--- TASK STATEMENT ---
The records below need retyping in full; give them again exactly.

--- GIVEN DATA ---
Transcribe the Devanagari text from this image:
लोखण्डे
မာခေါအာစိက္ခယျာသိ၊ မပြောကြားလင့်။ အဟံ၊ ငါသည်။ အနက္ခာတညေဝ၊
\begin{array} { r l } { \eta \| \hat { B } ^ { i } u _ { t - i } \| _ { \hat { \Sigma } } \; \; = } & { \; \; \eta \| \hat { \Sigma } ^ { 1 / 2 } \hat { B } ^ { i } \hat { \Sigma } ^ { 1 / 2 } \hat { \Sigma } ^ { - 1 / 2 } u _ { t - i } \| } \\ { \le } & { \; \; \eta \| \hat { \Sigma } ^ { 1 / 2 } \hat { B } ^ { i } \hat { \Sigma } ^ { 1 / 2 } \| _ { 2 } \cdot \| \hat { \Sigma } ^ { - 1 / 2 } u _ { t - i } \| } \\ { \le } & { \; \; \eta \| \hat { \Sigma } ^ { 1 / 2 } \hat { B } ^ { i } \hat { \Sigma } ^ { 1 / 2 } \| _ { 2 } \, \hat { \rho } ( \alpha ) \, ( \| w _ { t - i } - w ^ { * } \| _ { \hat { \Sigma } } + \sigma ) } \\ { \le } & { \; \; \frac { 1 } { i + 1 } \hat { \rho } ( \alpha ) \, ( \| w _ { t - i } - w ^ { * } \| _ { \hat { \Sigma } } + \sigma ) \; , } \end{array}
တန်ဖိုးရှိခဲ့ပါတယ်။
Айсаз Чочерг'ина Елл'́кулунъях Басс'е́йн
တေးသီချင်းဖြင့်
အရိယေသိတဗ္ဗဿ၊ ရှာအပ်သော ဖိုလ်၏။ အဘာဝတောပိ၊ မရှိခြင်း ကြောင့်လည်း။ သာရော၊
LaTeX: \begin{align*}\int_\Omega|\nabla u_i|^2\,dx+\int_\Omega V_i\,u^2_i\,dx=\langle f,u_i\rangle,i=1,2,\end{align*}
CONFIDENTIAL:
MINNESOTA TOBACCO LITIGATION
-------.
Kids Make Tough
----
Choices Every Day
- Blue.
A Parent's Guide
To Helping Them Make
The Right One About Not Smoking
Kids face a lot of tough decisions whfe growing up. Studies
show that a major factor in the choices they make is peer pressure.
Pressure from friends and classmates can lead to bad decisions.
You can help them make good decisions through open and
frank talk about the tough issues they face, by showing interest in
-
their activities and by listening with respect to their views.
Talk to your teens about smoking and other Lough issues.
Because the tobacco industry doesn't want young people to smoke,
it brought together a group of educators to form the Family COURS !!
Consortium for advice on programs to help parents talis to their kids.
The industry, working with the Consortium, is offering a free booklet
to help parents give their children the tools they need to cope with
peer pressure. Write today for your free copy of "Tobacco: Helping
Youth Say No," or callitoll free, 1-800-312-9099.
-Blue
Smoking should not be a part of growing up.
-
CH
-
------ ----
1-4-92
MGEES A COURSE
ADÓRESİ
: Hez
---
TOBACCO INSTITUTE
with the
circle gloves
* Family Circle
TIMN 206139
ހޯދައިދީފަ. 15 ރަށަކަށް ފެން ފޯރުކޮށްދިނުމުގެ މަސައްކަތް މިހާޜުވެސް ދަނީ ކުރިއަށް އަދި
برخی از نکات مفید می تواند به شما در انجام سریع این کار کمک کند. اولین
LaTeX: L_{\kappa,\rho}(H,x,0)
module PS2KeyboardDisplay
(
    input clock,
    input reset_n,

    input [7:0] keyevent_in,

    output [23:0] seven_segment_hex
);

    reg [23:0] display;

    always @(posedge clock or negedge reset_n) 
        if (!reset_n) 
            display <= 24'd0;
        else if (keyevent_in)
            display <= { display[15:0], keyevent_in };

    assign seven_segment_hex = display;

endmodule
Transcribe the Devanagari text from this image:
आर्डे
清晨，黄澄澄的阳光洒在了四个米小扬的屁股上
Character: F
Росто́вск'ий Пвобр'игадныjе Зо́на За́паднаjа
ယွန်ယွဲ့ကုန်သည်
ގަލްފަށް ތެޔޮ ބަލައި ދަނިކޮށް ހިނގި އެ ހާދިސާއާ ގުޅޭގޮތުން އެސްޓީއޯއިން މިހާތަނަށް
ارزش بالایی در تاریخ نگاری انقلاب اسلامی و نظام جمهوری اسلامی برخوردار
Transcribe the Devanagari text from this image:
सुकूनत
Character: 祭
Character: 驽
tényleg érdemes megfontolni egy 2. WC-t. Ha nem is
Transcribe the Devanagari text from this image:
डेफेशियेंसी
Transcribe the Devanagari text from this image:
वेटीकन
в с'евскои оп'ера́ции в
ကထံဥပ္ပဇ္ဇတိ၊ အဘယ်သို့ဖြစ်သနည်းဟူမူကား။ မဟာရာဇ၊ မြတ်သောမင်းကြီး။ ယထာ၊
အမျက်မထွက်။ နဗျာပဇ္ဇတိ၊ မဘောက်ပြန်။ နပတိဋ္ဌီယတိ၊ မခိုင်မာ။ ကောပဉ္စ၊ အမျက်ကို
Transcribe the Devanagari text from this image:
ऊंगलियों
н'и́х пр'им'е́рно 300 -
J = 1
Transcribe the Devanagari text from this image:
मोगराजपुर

--- EXPECTED ANSWER ---
Transcribe the Devanagari text from this image:
लोखण्डे
မာခေါအာစိက္ခယျာသိ၊ မပြောကြားလင့်။ အဟံ၊ ငါသည်။ အနက္ခာတညေဝ၊
\begin{array} { r l } { \eta \| \hat { B } ^ { i } u _ { t - i } \| _ { \hat { \Sigma } } \; \; = } & { \; \; \eta \| \hat { \Sigma } ^ { 1 / 2 } \hat { B } ^ { i } \hat { \Sigma } ^ { 1 / 2 } \hat { \Sigma } ^ { - 1 / 2 } u _ { t - i } \| } \\ { \le } & { \; \; \eta \| \hat { \Sigma } ^ { 1 / 2 } \hat { B } ^ { i } \hat { \Sigma } ^ { 1 / 2 } \| _ { 2 } \cdot \| \hat { \Sigma } ^ { - 1 / 2 } u _ { t - i } \| } \\ { \le } & { \; \; \eta \| \hat { \Sigma } ^ { 1 / 2 } \hat { B } ^ { i } \hat { \Sigma } ^ { 1 / 2 } \| _ { 2 } \, \hat { \rho } ( \alpha ) \, ( \| w _ { t - i } - w ^ { * } \| _ { \hat { \Sigma } } + \sigma ) } \\ { \le } & { \; \; \frac { 1 } { i + 1 } \hat { \rho } ( \alpha ) \, ( \| w _ { t - i } - w ^ { * } \| _ { \hat { \Sigma } } + \sigma ) \; , } \end{array}
တန်ဖိုးရှိခဲ့ပါတယ်။
Айсаз Чочерг'ина Елл'́кулунъях Басс'е́йн
တေးသီချင်းဖြင့်
အရိယေသိတဗ္ဗဿ၊ ရှာအပ်သော ဖိုလ်၏။ အဘာဝတောပိ၊ မရှိခြင်း ကြောင့်လည်း။ သာရော၊
LaTeX: \begin{align*}\int_\Omega|\nabla u_i|^2\,dx+\int_\Omega V_i\,u^2_i\,dx=\langle f,u_i\rangle,i=1,2,\end{align*}
CONFIDENTIAL:
MINNESOTA TOBACCO LITIGATION
-------.
Kids Make Tough
----
Choices Every Day
- Blue.
A Parent's Guide
To Helping Them Make
The Right One About Not Smoking
Kids face a lot of tough decisions whfe growing up. Studies
show that a major factor in the choices they make is peer pressure.
Pressure from friends and classmates can lead to bad decisions.
You can help them make good decisions through open and
frank talk about the tough issues they face, by showing interest in
-
their activities and by listening with respect to their views.
Talk to your teens about smoking and other Lough issues.
Because the tobacco industry doesn't want young people to smoke,
it brought together a group of educators to form the Family COURS !!
Consortium for advice on programs to help parents talis to their kids.
The industry, working with the Consortium, is offering a free booklet
to help parents give their children the tools they need to cope with
peer pressure. Write today for your free copy of "Tobacco: Helping
Youth Say No," or callitoll free, 1-800-312-9099.
-Blue
Smoking should not be a part of growing up.
-
CH
-
------ ----
1-4-92
MGEES A COURSE
ADÓRESİ
: Hez
---
TOBACCO INSTITUTE
with the
circle gloves
* Family Circle
TIMN 206139
ހޯދައިދީފަ. 15 ރަށަކަށް ފެން ފޯރުކޮށްދިނުމުގެ މަސައްކަތް މިހާޜުވެސް ދަނީ ކުރިއަށް އަދި
برخی از نکات مفید می تواند به شما در انجام سریع این کار کمک کند. اولین
LaTeX: L_{\kappa,\rho}(H,x,0)
module PS2KeyboardDisplay
(
    input clock,
    input reset_n,

    input [7:0] keyevent_in,

    output [23:0] seven_segment_hex
);

    reg [23:0] display;

    always @(posedge clock or negedge reset_n) 
        if (!reset_n) 
            display <= 24'd0;
        else if (keyevent_in)
            display <= { display[15:0], keyevent_in };

    assign seven_segment_hex = display;

endmodule
Transcribe the Devanagari text from this image:
आर्डे
清晨，黄澄澄的阳光洒在了四个米小扬的屁股上
Character: F
Росто́вск'ий Пвобр'игадныjе Зо́на За́паднаjа
ယွန်ယွဲ့ကုန်သည်
ގަލްފަށް ތެޔޮ ބަލައި ދަނިކޮށް ހިނގި އެ ހާދިސާއާ ގުޅޭގޮތުން އެސްޓީއޯއިން މިހާތަނަށް
ارزش بالایی در تاریخ نگاری انقلاب اسلامی و نظام جمهوری اسلامی برخوردار
Transcribe the Devanagari text from this image:
सुकूनत
Character: 祭
Character: 驽
tényleg érdemes megfontolni egy 2. WC-t. Ha nem is
Transcribe the Devanagari text from this image:
डेफेशियेंसी
Transcribe the Devanagari text from this image:
वेटीकन
в с'евскои оп'ера́ции в
ကထံဥပ္ပဇ္ဇတိ၊ အဘယ်သို့ဖြစ်သနည်းဟူမူကား။ မဟာရာဇ၊ မြတ်သောမင်းကြီး။ ယထာ၊
အမျက်မထွက်။ နဗျာပဇ္ဇတိ၊ မဘောက်ပြန်။ နပတိဋ္ဌီယတိ၊ မခိုင်မာ။ ကောပဉ္စ၊ အမျက်ကို
Transcribe the Devanagari text from this image:
ऊंगलियों
н'и́х пр'им'е́рно 300 -
J = 1
Transcribe the Devanagari text from this image:
मोगराजपुर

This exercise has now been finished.